Late Jurassic Granitoids in Mufushan Complex and Their Significance for the Mesozoic Tectonic Evolution of Eastern South China

The Mesozoic tectono-thermal evolution of eastern South China plays an important role in forming the abundant magmatic rocks and associated giant polymetallic deposits. The middle-late Mesozoic granitoids in Mufushan and adjacent regions (e.g., Lianyunshan, Wangxiang, Taohuahsan, etc) represent the western front of the southeast China magmatic province. New zircon U-Pb dating suggests that the Mufushan two-mica monzogranites were emplaced at 149–144 Ma, a short time after the ~152 Ma granodiorites. These late Jurassic granitic magmas share broad similarities in geochemical-isotopic characteristics, with significant enrichment in LREE and LILE (e.g., Ba, Rb, Th, and K), depletion in some HFSE (e.g., Nb, Ta, Ti, and P) and positive Pb anomalies, comparable to those of arc-type rocks.

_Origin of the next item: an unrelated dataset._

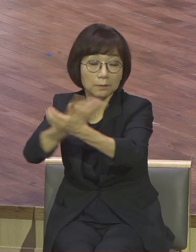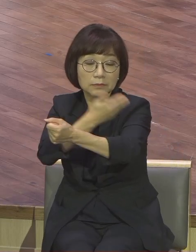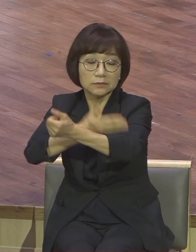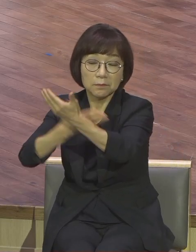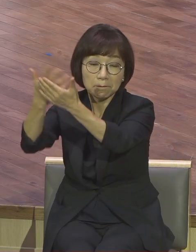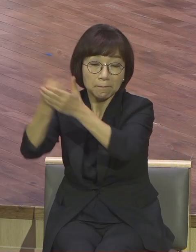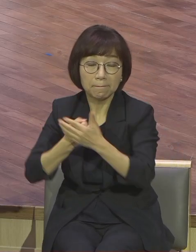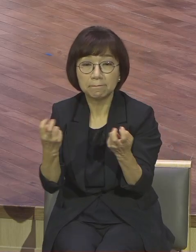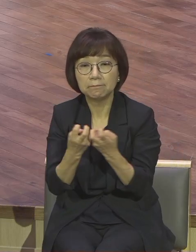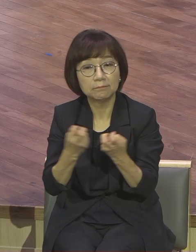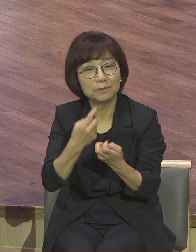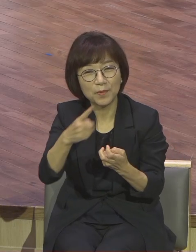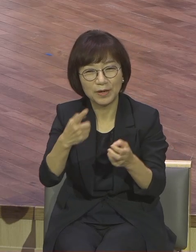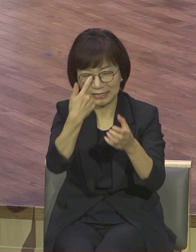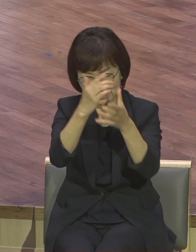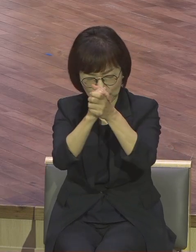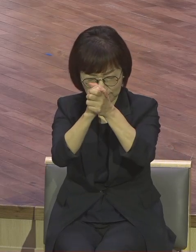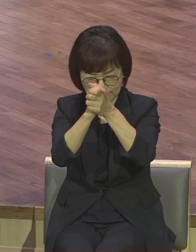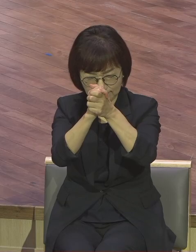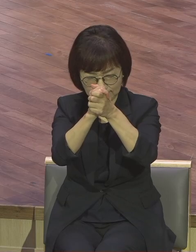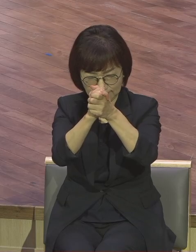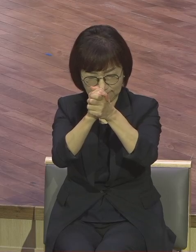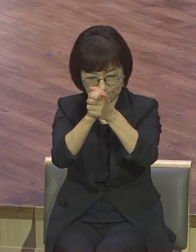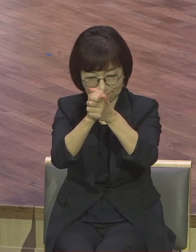기도 양을 확 채웠어요 기도

The presence of Neoproterozoic zircons within the Mesozoic magmatic rocks indicates a certain amount of ancient material involved in the genesis of the magmas, suggesting a significant contribution from partial melting of the Neoproterozoic volcanic-sedimentary sequences to the middle-late Mesozoic granitoids. The two-mica monzogranites have εHf(t) values ranging from −13.4 to +3.5, overlapping with those of the granodiorites (−11.3 to +6.6), but both are lower than contemporaneous diorites (−2.4 to +0.59), suggesting a greater incorporation of enriched materials into the source for the granitoids. The two-mica monzogranites and granodiorites have εNd(t) values ranging from -10 to -8.8 and -7.9, with corresponding two-stage Nd model ages of 1.7–1.6 Ga and 1.6 Ga, respectively, falling within their Hf model ages which have two-stage Hf model ages of 2.0–1.4 Ga and 1.8–1.4 Ga, respectively. Compared with the geochemical and isotopic compositions of the coeval magmatic rocks in eastern South China, we favor that the late Jurassic Mufushan granodiorites evolved from variable mixing and differentiation of the diorites and granitoids, accompanied by other processes such as continuous magma assimilation. The well-developed early Cretaceous A-type granitic rocks in eastern South China reflect a dominant extensional tectonic regime induced by slab roll-back of the Izanagi plate. The involvement of subduction-related melts facilitated the underplating of mantle-derived magma and crustal heating, triggering large-scale partial melting of the lithosphere and magma enrichment, as well as the polymetallic deposits in eastern South China.